Abstract 39P
Background
Recent ground-breaking results from a randomized phase III clinical trial showed tumor-infiltrating lymphocyte (TIL)-therapy to be superior to ipilimumab in anti-PD-1 refractory advanced melanoma patients, paving the way for TIL-therapy to become a standard treatment (Ref 1). Responses to TIL-therapy are thought to be primarily mediated by expanded CD8+ TILs (CD8+ REP-TILs) via secretion of cytotoxic molecules, including granzymes (Gzms) of which five distinct types (A, B, H, K, and M) have been identified in humans. To better understand the role of Granzymes in TIL-therapy, we characterized the granzyme profile of CD8+ REP-TILs during tumor cell recognition.
Methods
Matched CD8+ REP-TILs and autologous tumor cell line (TCL) pairs were generated using fresh metastatic melanoma samples. TIL/TCL pairs with known high tumor-reactivity were selected and employed in in vitro co-culture systems reproducing TIL: tumor recognition. Gzm mRNA upregulation was assessed via bulk mRNA (n=10) and single-cell RNA sequencing (n=6) of expanded TILs, +8 hours post co-culture. Gzm protein secretion was quantified by ELISA and flow cytometry post co-culture (+2, +8, and +24 hours, n=11).
Results
Bulk and single-cell RNAseq data analysis demonstrated distinct upregulation of only GzmB by CD8+ REP-TILs post TCL recognition. Protein levels were similarly dominated by GzmB, representing 61%, 73%, and 48% of total secreted Gzm at +2, +8 and +24 hours, respectively. In addition, GzmB showed by far the greatest post TCL recognition fold induction, up to 23.8-fold, whereas other Gzms were below 6.0-fold. Overall, GzmA was secreted at high levels, although the response was largely unspecific and only minimally induced by TCL recognition (up to 4.9-fold increase). All remaining granzymes were secreted and induced at minimal levels.
Conclusions
GzmB dominates the tumor-specific granzyme-related response of CD8+ REP-TILs, suggesting GzmB as the primary effector molecule in patients treated with TIL-therapy. GzmB secretion is therefore a potential candidate for a TIL-therapy potency biomarker. The potential of less inducible Gzms, such as GzmA, requires further clarification. Ref 1: Haanen et al. 2022 ESMO Congress (LBA3, Presidential Symposium I).

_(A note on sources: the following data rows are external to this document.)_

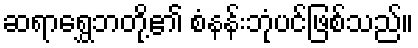
ဆရာရွှေဘတို့၏ စံနန်းဘုံပင်ဖြစ်သည်။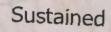
Sustained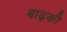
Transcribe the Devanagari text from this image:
बाढ़की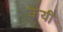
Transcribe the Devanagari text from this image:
केयी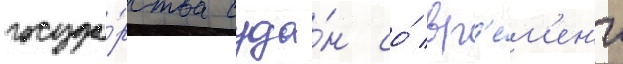
госуда́рства суда́н со́ вр'е́м'ен'и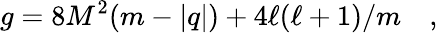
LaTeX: g=8M^{2}(m-|q|)+4\ell(\ell+1)/m\quad,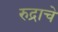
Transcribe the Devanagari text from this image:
रुद्राचे

Legal entity responsible for the study
The authors.
Funding
Lundbeck Foundation (grants R286-2018-991, R307-2018-3636), The Danish Cancer Society (R309-A17896), Herlev and Gentofte Research Council (Clinician-Scientist grant to Marco Donia).
Disclosure
I. Svane: Financial Interests, Personal, Advisory Board: BMS, Pierre Fabre, Novartis; Financial Interests, Personal, Invited Speaker: MSD, Pierre Fabre, Novartis, Roche, BMS, MSD; Financial Interests, Personal, Stocks/Shares, Cofounder and Founder warrents: IO Biotech; Financial Interests, Institutional, Research Grant: Adaptimmune, Enara Bio, Lytix Biopharma, TILT Biotherapeutics; Financial Interests, Institutional, Funding: Evaxion; Non-Financial Interests, Personal, Principal Investigator: BMS, Roche, TILT Biotherapeutics, Lytix Biopharma, Novartis. M. Donia: Financial Interests, Personal, Invited Speaker, Teaching: Roche, Novartis; Non-Financial Interests, Personal, Other, Sub-investigator of clinical trial with connected translational research: Bristol Myers Squibb; Non-Financial Interests, Personal, Proprietary Information: Genentech, Bristol Myers Squibb; Financial Interests, Personal, Other, Advisor: Achilles Therapeutics; Other, Institutional, Other, Chairman of the Melanoma and Non-melanoma Skin Cancer Scientific Committee: Danish Medicines Council. All other authors have declared no conflicts of interest.